To hold otherwise would not only provide legal precedent for the unnecessary interruption of the trial process, but would give Baptist a vehicle by which it could circumvent procedural requirements and obtain a shortcut to appellate relief. Accordingly, Baptist’s jurisdictional argument is not properly before us and we will not consider it.

Baptist next contends that the identities of the employees whose wage statements have been ordered disclosed are immaterial to Felan’s claim of fraud. Baptist argues that Felan does not need the names of the employees in order to prove a pattern or practice to defraud workers’ compensation claimants because Baptist offered to stipulate to the fact that it left out relevant information on other wage statements. The stipulation Baptist offered was that “beginning in February 1996, when Bill Willrodt became the workers’ compensation specialist at Baptist Health System, and ending with the date in mid-August of 1997, when the new TWCC Form 3 Wage Statement was issued, that during that period, it was customary for Baptist Health System to leave the fringe benefits portion box 13 … to leave the questions in that box on the form unanswered.” Felan argues that the stipulation is inadequate because it does not demonstrate that any individual employee suffered damages as a result of Baptist’s misreporting benefits to the TWCC or the amount of those damages.

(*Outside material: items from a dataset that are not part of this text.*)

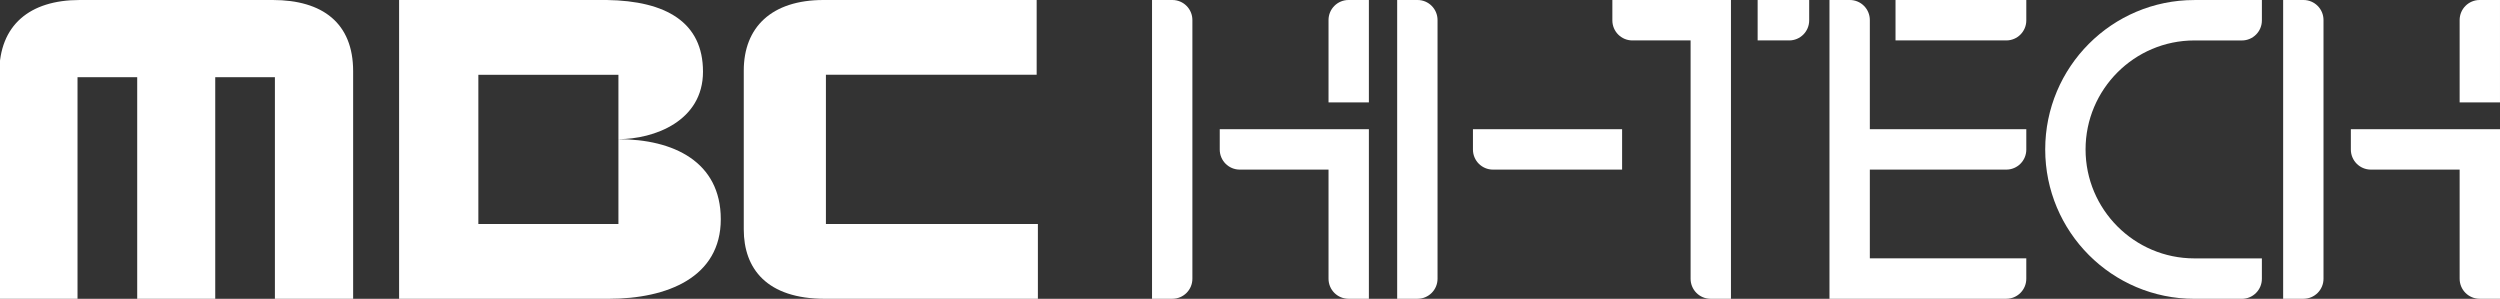 <svg width="251" height="30" viewBox="0 0 251 30" fill="none" xmlns="http://www.w3.org/2000/svg">
<rect x="0" y="0" width="251" height="30" fill="#333333" stroke="none"/>
<g clip-path="url(#clip0_2779_31667)">
<path d="M117.708 0H115.664V29.997H117.708C118.817 29.997 119.716 29.097 119.716 27.986V2.011C119.716 0.9 118.817 0 117.708 0Z" fill="white"/>
<path d="M142.321 0H140.276V29.997H142.321C143.43 29.997 144.329 29.097 144.329 27.986V2.011C144.329 0.9 143.43 0 142.321 0Z" fill="white"/>
<path d="M122.462 15.017C122.462 16.128 123.361 17.028 124.47 17.028H133.384V27.986C133.384 29.097 134.283 29.997 135.392 29.997H137.436V12.969H122.462V15.017Z" fill="white"/>
<path d="M162.859 12.969H147.884V15.017C147.884 16.128 148.783 17.028 149.892 17.028H162.859V12.969Z" fill="white"/>
<path d="M137.436 0H135.392C134.284 0 133.384 0.9 133.384 2.011V10.284H137.436V0H137.436Z" fill="white"/>
<path d="M231.272 0H229.228V29.997H231.272C232.381 29.997 233.28 29.097 233.28 27.986V2.011C233.28 0.9 232.381 0 231.272 0Z" fill="white"/>
<path d="M236.026 15.017C236.026 16.128 236.925 17.028 238.034 17.028H246.948V27.986C246.948 29.097 247.847 29.997 248.956 29.997H251V12.969H236.026V15.017Z" fill="white"/>
<path d="M251 0H248.956C247.847 0 246.948 0.9 246.948 2.011V10.284H250.999V0H251Z" fill="white"/>
<path d="M190.31 4.059H201.433C202.542 4.059 203.441 3.159 203.441 2.048V0H190.31V4.059Z" fill="white"/>
<path d="M201.433 17.028C202.542 17.028 203.441 16.128 203.441 15.017V12.969H187.731V2.011C187.731 0.9 186.833 0 185.724 0H183.679V29.997H185.724C185.724 29.997 185.725 29.997 185.726 29.997H201.433C202.541 29.997 203.44 29.097 203.44 27.986V25.939H187.731V17.028H201.432L201.433 17.028Z" fill="white"/>
<path d="M225.086 4.062C226.195 4.062 227.094 3.162 227.094 2.051V0.003H220.314C212.044 0.003 205.339 6.718 205.339 15.002C205.339 23.285 212.044 30.001 220.314 30.001H225.086C226.194 30.001 227.093 29.101 227.093 27.99V25.942H220.313C214.29 25.942 209.391 21.034 209.391 15.002C209.391 8.969 214.29 4.061 220.313 4.061V4.062H225.085L225.086 4.062Z" fill="white"/>
<path d="M171.738 0.001H161.881V2.049C161.881 3.159 162.78 4.059 163.889 4.059H169.736V27.987C169.736 29.098 170.634 29.998 171.743 29.998H173.788V0.001H171.743C171.742 0.001 171.74 0.001 171.738 0.001H171.738Z" fill="white"/>
<path d="M176.467 4.059H179.635C180.743 4.059 181.642 3.159 181.642 2.048V0H176.467V4.059Z" fill="white"/>
<path d="M27.38 0H8.005C2.987 0 -0.072 2.514 -0.072 7.323V30H7.783V7.748H13.775V30H21.61V7.748H27.6V30H35.455V7.14C35.456 2.331 32.398 0 27.38 0Z" fill="white"/>
<path d="M82.921 7.505H104.081V0H82.683C77.442 0 74.674 2.757 74.674 7.085V23.035C74.674 26.971 76.982 30 82.832 30H104.204V22.489H82.922V7.505H82.921Z" fill="white"/>
<path d="M62.09 13.975V22.491H48.027V7.507H62.09V13.97C65.678 13.97 70.581 12.164 70.581 7.197C70.581 2.229 66.861 0.088 60.925 0H40.069V30H61.099C67.049 30 72.367 27.812 72.367 22.011C72.367 16.21 67.578 13.975 62.089 13.975H62.09Z" fill="white"/>
</g>
<defs>
<clipPath id="clip0_2779_31667">
<rect width="251" height="30" fill="white"/>
</clipPath>
</defs>
</svg>

Pre-trial discovery is not limited to what may be admissible at trial, but may include any information relevant to the pending subject matter that is reasonably calculated to lead to the discovery of admissible evidence. Eli Lilly and Co. v. Marshall, 850 S.W.2d 155, 160 (Tex.1993); Tex.R. Civ. P. 166b(2)(a). In fact, “certain fishing expeditions are permissible” at this stage of litigation. Kern v. Gleason, 840 S.W.2d 730, 736 (Tex.App.-Amarillo 1992) (orig. proceeding). In this case, the unredacted wage statements will provide Felan with enough information to discover what benefits each of the employees received so that she can determine the extent, if any, of Baptist’s fraud and the financial impact of its alleged pattern of misrepresentation. Such information will be necessary to Felan in substantiating her claim for exemplary damages.

*5 The trial court considered arguments of both parties at more than one hearing and determined that the unredacted wage statements were relevant to Felan’s case. When weighed against the limited privacy rights implicated by the information sought, we cannot say that the trial court’s decision to allow discovery of the unredacted wage statements was a clear abuse of discretion. Baptist’s writ of mandamus is denied.

Footnotes

1

The fringe benefits that Felan is claiming should have been indicated on her wage statement are vacation, holidays, and sick leave.

2

In fact, the parties informed us during oral submission of this case that a motion for summary judgment based on Baptist’s challenge to the trial court’s jurisdiction has been filed and considered by the trial court.